Forrest Hamilton Judkins, a retired electrical engineer who had been vice president of a South Baltimore insulator plant and had worked in atomic bomb production, died of congestive heart failure related to Parkinson's disease Jan. 12 at St. Joseph Medical Center. The Towson resident was 90.
Born in Windham, Conn., he built his own television set in 1933 and picked up signals from two television transmitters that were in operation just two hours per week.
Mr. Judkins earned his undergraduate and master's degrees from the Massachusetts Institute of Technology, where he played first clarinet in the school band and was crew team coxswain.
He began work with a General Electric plant in Pittsfield, Mass., where he earned his first of many patents for the company. During World War II, he was a second lieutenant in the Army's Coast Artillery Corps. He was lent by GE to the war effort, working on the Manhattan Project on Long Island and helping develop the power package to split the atom.
He later worked in the Navy's Destroyer and Submarine Corps in sonar and demagnetizing military craft to reduce exposure to an enemy.
In the 1950s, he was transferred to GE's Locke Insulators division in South Baltimore.
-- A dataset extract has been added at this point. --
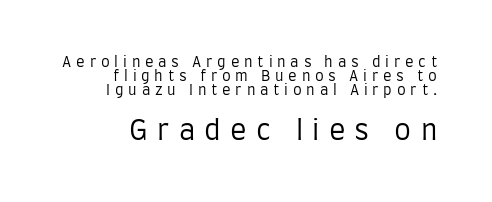
Top chunk: small. Bottom chunk: large. Horizontal bands of white between lines are thin slivers. A clean baseline with only descenders dipping below it. In terms of posture, this sample is upright. Honestly, the letter spacing is so wide it's the main thing you notice.

He worked in research and development, engineering, production and human resources before becoming vice president. Before retiring in 1974, he helped transfer its ownership in a joint venture with NGK of Japan.
He then ran Hamilton Engineering Consulting Services from a shop in his home.
Mr. Judkins was a past national president of GE's Elfun Society, a charitable organization.
He enjoyed fishing and target and skeet shooting at the Dug Hill Rod and Gun Club on the Carroll-Baltimore County border, and spent summers at Lake Winnipesaukee, N.H., and in Ocean City.
Services were held Tuesday in Towson.
Survivors include his wife, the former Lila Backman O'Meara; a nephew, Roger B. Judkins of Roanoke, Texas; a cousin, Margaret Taylor of Enderby, British Columbia; and seven step-grandchildren.